Avant un meeting du RN pour les élections européennes, à Strasbourg, le 15 avril. / Elyxandro CEGARRA / Elyxandro CEGARRA / Panoramic

Editorial du « Monde ». Servi par le mouvement des « gilets jaunes », qui a, pendant six mois, alimenté une forte contestation contre la politique d’Emmanuel Macron, le Rassemblement national (RN) espère sortir gagnant du scrutin européen du 26 mai. Dans les sondages, la liste conduite par Jordan Bardella est actuellement au coude-à-coude avec celle de La République en marche et ses alliés. La campagne de terrain, lancée dès janvier, se double de vigoureux appels à transformer l’élection en un « référendum anti-Macron » qui serait susceptible de forcer le président de la République à se démettre.

Plus nouveau, le parti d’extrême droite joue également sur la corde européenne. Il met en avant la vague populiste qui touche plusieurs pays de l’Union européenne (UE) pour assurer être en mesure, avec ses alliés, de « réformer en profondeur » le fonctionnement communautaire. Après avoir été le théâtre des affaires politico-financières du FN, le Parlement européen deviendrait la rampe de lancement de « l’Europe des peuples ». Cette thématique du vote utile est nouvelle dans une formation politique qui a longtemps prospéré sur l’éloge de la nation et la critique radicale des institutions européennes.

Prendre Marine Le Pen au mot

La mue, récente, s’est accompagnée d’un spectaculaire renoncement sur l’euro : depuis quelques mois, la présidente du parti, Marine Le Pen, ne prône plus la sortie de la monnaie unique, elle a rejeté le « Frexit » et ne se place plus en marge de la construction européenne mais en son cœur, avec l’ambition de la faire évoluer. Il faut donc la prendre au mot et opérer un retour en arrière, partir de ce 25 mai 2014 où son parti est arrivé en tête des élections européennes, envoyant à Strasbourg 24 élus, dont elle-même.

Y siège-t-elle encore ? Non. Ses troupes sont-elles restées soudées ? Non, neuf élus ont quitté le groupe Europe des nations et des libertés (ENL),dans lequel sont inscrits les lepénistes à la suite de différends politiques ou financiers. Les restants ont-ils été assidus ? Encore non. Productifs ? Toujours non. En cinq ans, ils n’ont pratiquement voté aucune directive, y compris dans les deux domaines aujourd’hui mis en avant par Marine Le Pen : l’écologie et l’immigration. Sur la réduction des émissions de gaz à effet de serre, la neutralité carbone, les énergies renouvelables ou la diminution de la pollution automobile, leur vote a été quasi systématiquement négatif.

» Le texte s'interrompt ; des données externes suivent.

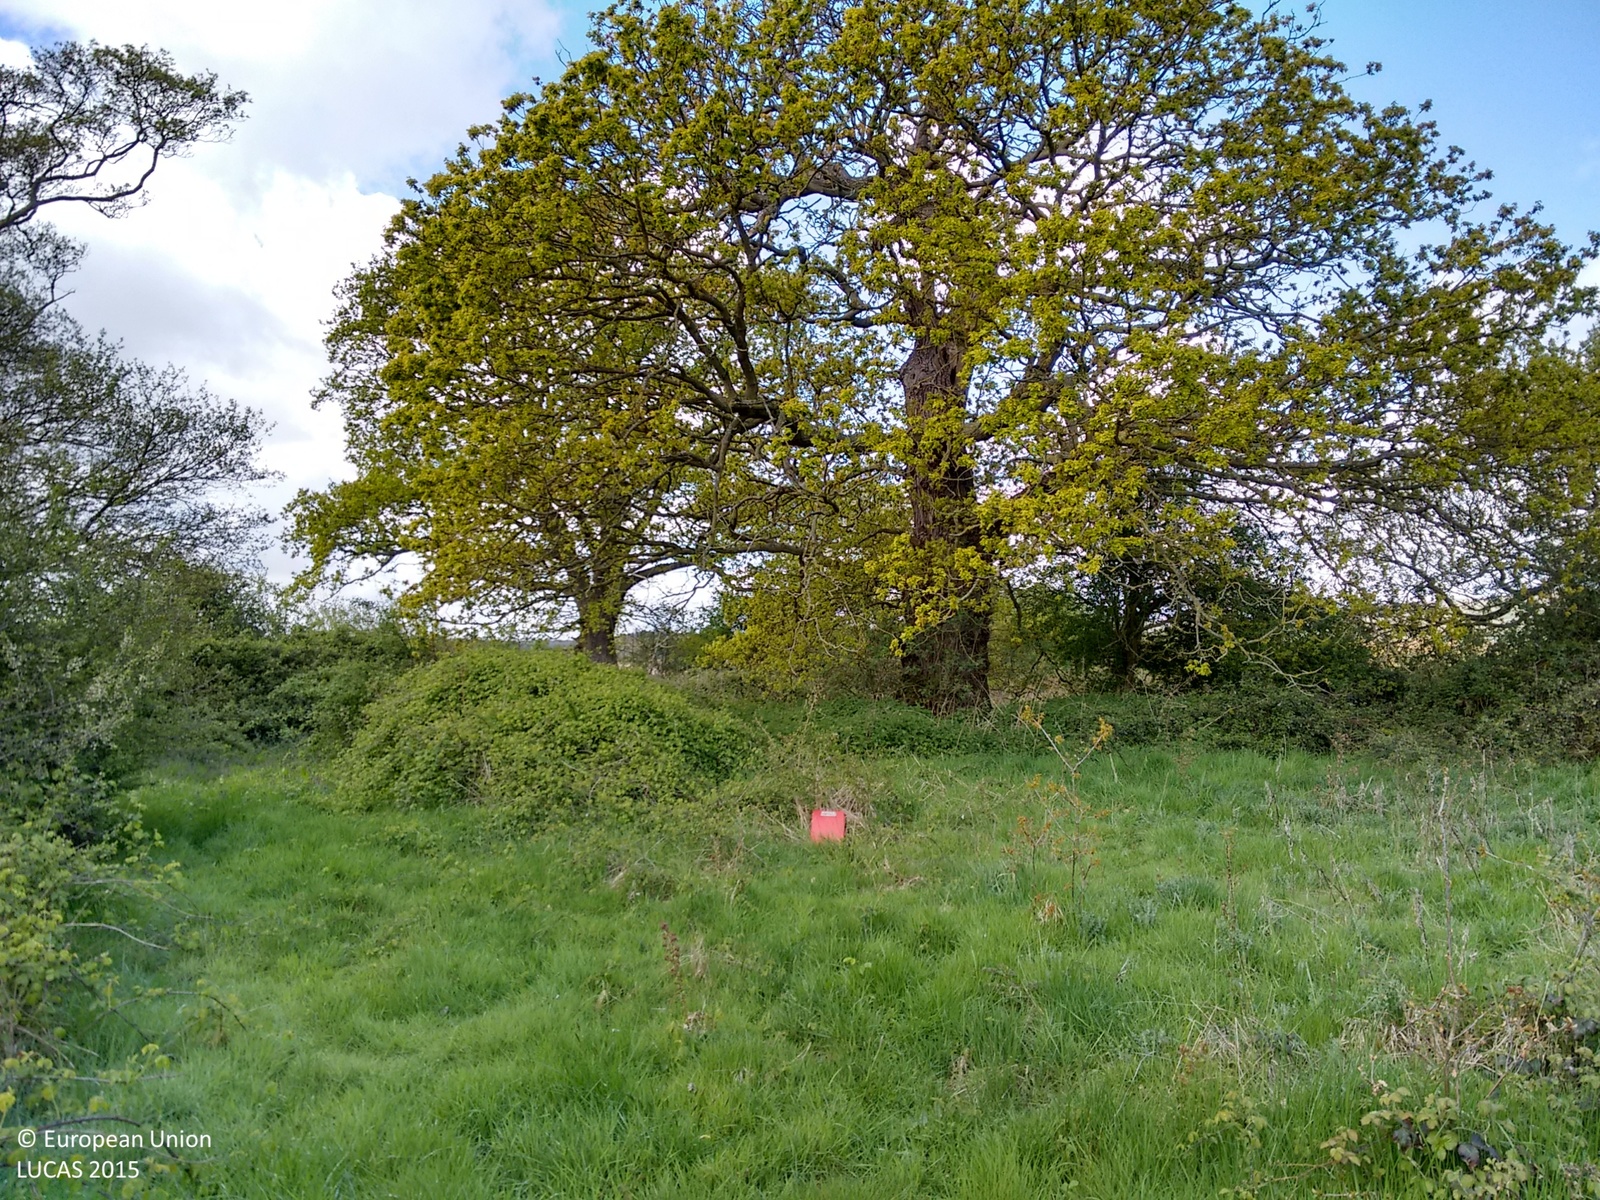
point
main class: Grassland
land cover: Grassland with sparse tree/shrub cover
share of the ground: > 75 %
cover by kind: herbaceous plants 85 %, shrubs 10 %, broadleaved forest trees 5 %
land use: Abandoned areas
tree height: < 5 m
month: April
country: GB
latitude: 51.3177
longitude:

Plus surprenant, les élus RN ont également refusé d’approuver toutes les dispositions visant à renforcer la coopération en matière de lutte antiterroriste, comme la création du fichier des passagers aériens dit « PNR » (passenger name record). La justification est, à chaque fois, la même : l’UE n’a pas à se substituer aux nations. Soit, mais alors, à quoi bon investir son Parlement ?

Marine Le Pen rétorque que tout changera au cours de la prochaine législature grâce aux nouveaux alliés qu’elle tente, non sans mal, de séduire. Elle invoque son rapprochement avec l’Italien Matteo Salvini, minimise le refus du Hongrois Viktor Orban de pactiser avec elle, tait l’ostracisme dont elle est l’objet de la part des extrêmes droites suédoise et polonaise, qui lui reprochent sa trop grande proximité avec la Russie de Vladimir Poutine.

A l’entendre, elle et ses amis seront suffisamment forts pour impulser des textes et construire une Europe nouvelle. Les dernières projections leur accordent pourtant moins de 200 sièges sur un total de 751. Soit une minorité de blocage qui leur permettra juste de prolonger le travail de sape. En Europe, le RN ne construit rien.